Kyana heeft een zware start gehad. Na één maand na haar geboorte kwamen we erachter dat Kyana hartproblemen heeft. Ze heeft toen een open hart operatie moeten ondergaan. Ik heb mij lang schuldig gevoeld, omdat ik niks van mijn achtergrond wist. Ook had ik later erge spijt gehad dat ik niet een uitgebreider echo heb laten maken bij de 20-wekenecho. Omdat ik mij altijd fit en gezond heb gevoeld, heb ik daar op dat moment niet echt aan gedacht. Dat heb ik mijzelf erg kwalijk genomen. Hierdoor wist ik dus ook niet of haar hartproblemen genetisch waren. Achteraf bleek dat niet zo te zijn. Vanaf dat moment kon ik het schuldgevoel loslaten en heb ik het pas een plek kunnen geven. Met Kyana gaat het nu gelukkig goed. Er lopen nog wel wat onderzoeken en controles. Waar ik nu vaak aan denk is dat mijn biologische moeder Kyana niet heeft gezien. Niet haar ontwikkelingen meemaakt. Bij de laatste controle van het consultatiebureau was Kyana 74 centimeter. Zo groot was ik ook toen ik naar Nederland kwam. Alleen was ik al 2,5. Dit vond ik best confronterend. Ik besefte toen ook dat ik erg geluk heb gehad in mijn leven. Maar Kyana ook, omdat wij op tijd achter haar hartproblemen zijn gekomen. Het had niet langer moeten duren of ze was overleden. Als ik naar Kyana kijk, zie ik nu gelukkig ook iets van mij. Bepaalde trekjes heeft ze van mij. Ik vind dat zo mooi en bijzonder om te zien. Dat maakt mij alleen al gelukkig, die kleine dingetjes. Ik weet namelijk niet hoe ik eruit zag als baby. Daar zijn helaas geen foto’s van. Wat ik erg jammer vind. Daarom vergelijk ik Kyana met mijzelf. Ik denk dan vaak: “Zo heb ik er ook ongeveer uitgezien”. Dat geeft me dan enigszins rust.
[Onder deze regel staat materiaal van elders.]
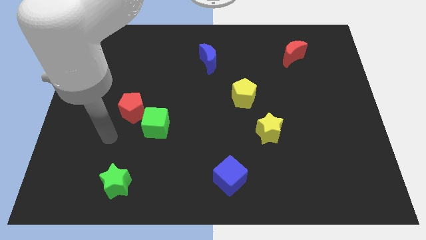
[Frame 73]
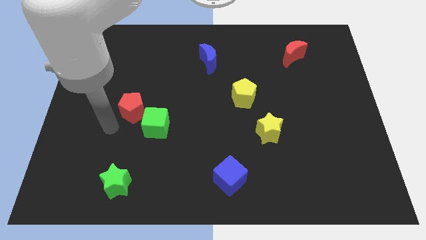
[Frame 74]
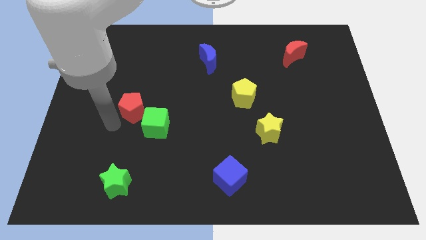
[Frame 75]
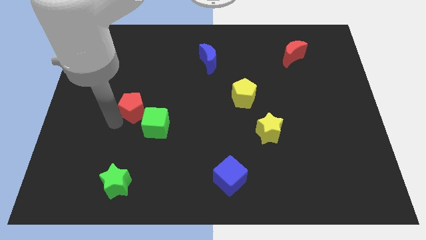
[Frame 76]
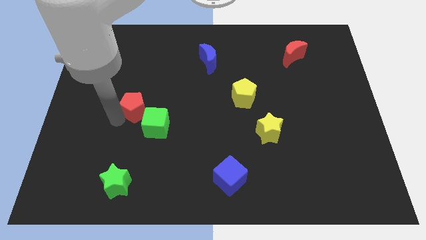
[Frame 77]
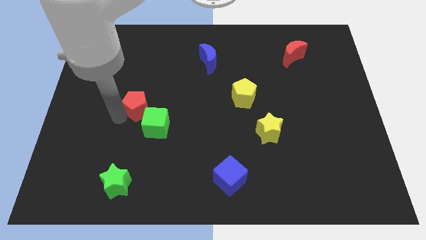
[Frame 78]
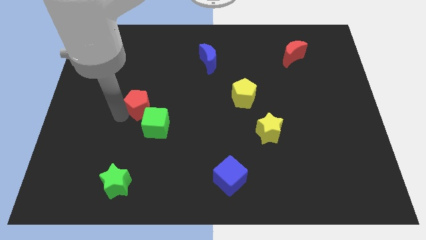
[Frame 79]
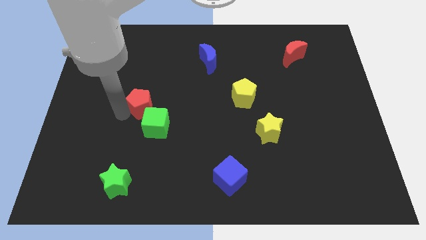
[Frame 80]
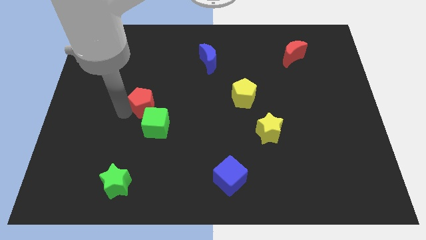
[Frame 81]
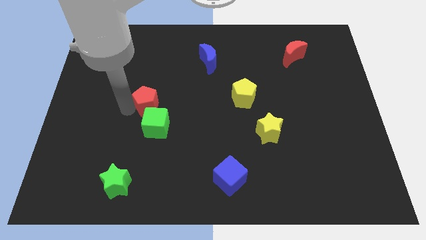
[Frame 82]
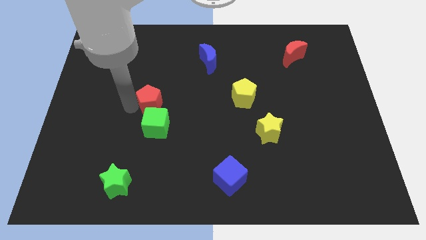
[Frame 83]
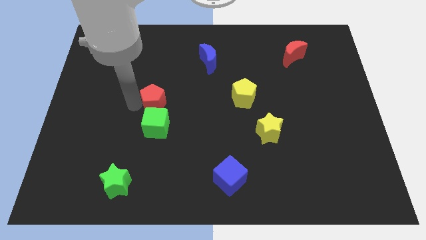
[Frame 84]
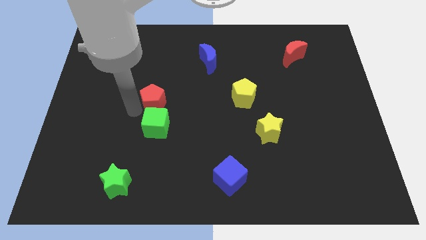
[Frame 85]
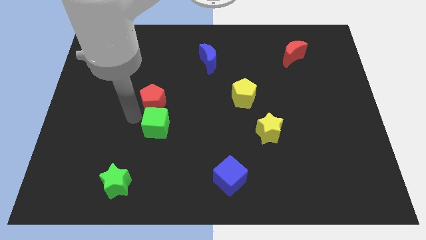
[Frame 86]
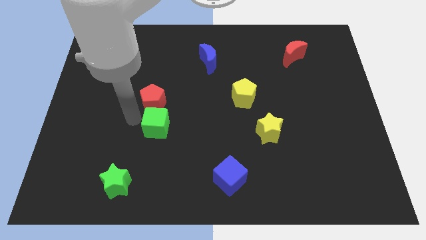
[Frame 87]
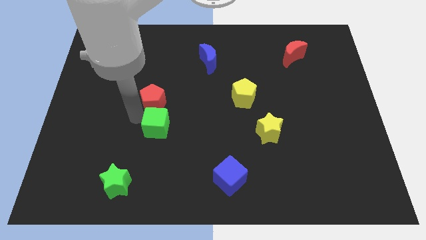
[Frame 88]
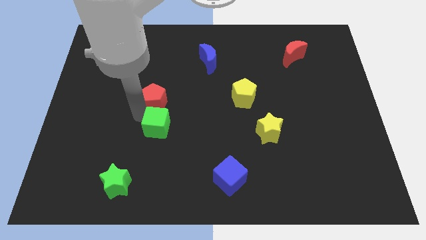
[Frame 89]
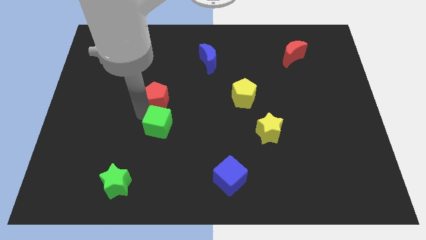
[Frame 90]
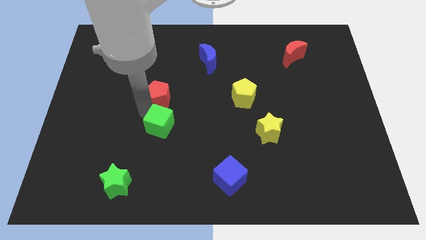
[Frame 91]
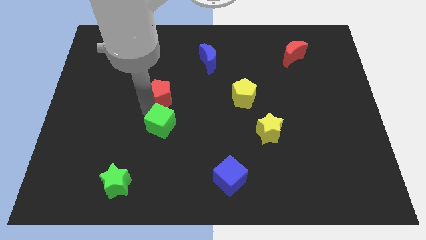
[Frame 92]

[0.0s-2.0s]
push the red pentagon slightly diagonally up and to the right

Ooit hoop ik mijn biologische moeder en familie te vinden. Die hoop hou ik elke dag vast. Maar ik weet ook dat dit moeilijk is. Wel heb ik wereldwijd een DNA-test gedaan. Nu is het wachten of er ooit een match gaat zijn. De laatste tijd zit ik ook na te denken hoe ik Kyana ga uitleggen dat ik geadopteerd ben. Ooit gaat ze er naar vragen. Ze zal ook gaan zien dat opa en oma er niet Chinees uitzien. Dit vind ik nogal lastig. Eén keer in de zoveel tijd hebben we een reünie met alle geadopteerde volwassenen uit dezelfde geboortestreek. Dit jaar hebben we dat ook in februari. Dit vind ik altijd erg leuk en bijzonder. Vooral om elkaar weer te zien. We spreken elkaar ook wel in een groepsapp en volgen elkaar op social media. Maar elkaar weer zien is erg speciaal. Dan voel ik me wèl ergens bij horen en op mij gemak. Het voelt als een soort van thuiskomen. Dit jaar komen er ook twee Nederlandse mensen uit China die een half jaar voor ons hebben gezorgd. Dit is extra bijzonder. Ik ben hun nog altijd dankbaar. Want door hun heb ik de kans gekregen om geadopteerd te worden.